No one knows the exact cause of MS but it is likely that a mixture of genetic and environmental factors play a role, according to Aidan Larkin.
“Genes and family history MS is not directly inherited. Unlike some conditions, such as cystic fibrosis, for example, there is no single gene that causes it. It’s likely that a combination of genes make some people more susceptible to developing MS but not everyone with this gene combination will develop MS. Genes are only part of the story. There are environmental factors, too.
“MS is more common in areas further away from the equator. It is virtually unheard of in places like Malaysia or Ecuador, but relatively common in Britain, North America, Canada, Scandinavia, southern Australia and New Zealand.”

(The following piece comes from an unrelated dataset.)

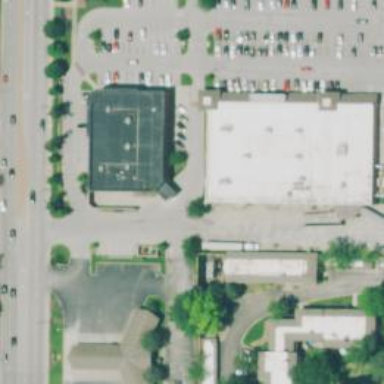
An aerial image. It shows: Pharmacy providing healthcare services.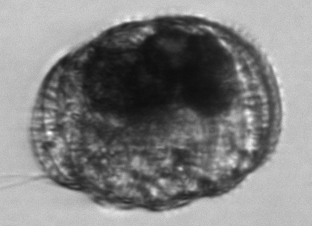
Label: Polykrikos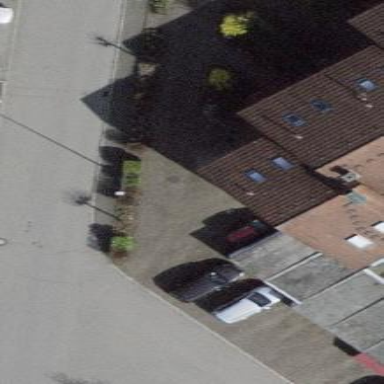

He says it is not clear why people further away from the equator are more likely to get the condition. It is possible that something in the environment, perhaps bacterial or viral, plays a role. No single virus has been identified as definitely contributing to MS but there is growing evidence that a common childhood virus, such as Epstein Barr virus (which can cause glandular fever ), may act as a trigger.
There is also a growing amount of research which suggests that a lack of vitamin D could be a factor in causing the disease.
“We get most of our vitamin D from exposure to sunlight,” explains Mr Larkin. “Low levels of this vitamin have been linked to higher numbers of people developing many different conditions, including MS.
“MS is complex and can cause many different symptoms so it’s not easy to diagnose. It’s hard to pinpoint exactly when MS begins and the early signs and symptoms are different for everyone.”
It is not uncommon for a diagnosis to take several months or even longer. A range of other possible causes need to be explored and many different tests need to be carried out.
While there is no cure for MS there are different ways of managing the condition. This may include drug treatments for individual symptoms or relapses, diet, exercise and complementary therapies.
MS symptoms may include vision and balance difficulties, dizziness, fatigue, bladder problems and stiffness/spasms. Problems with bowel, speech, swallowing, tremor, memory, thinking and emotions may also occur.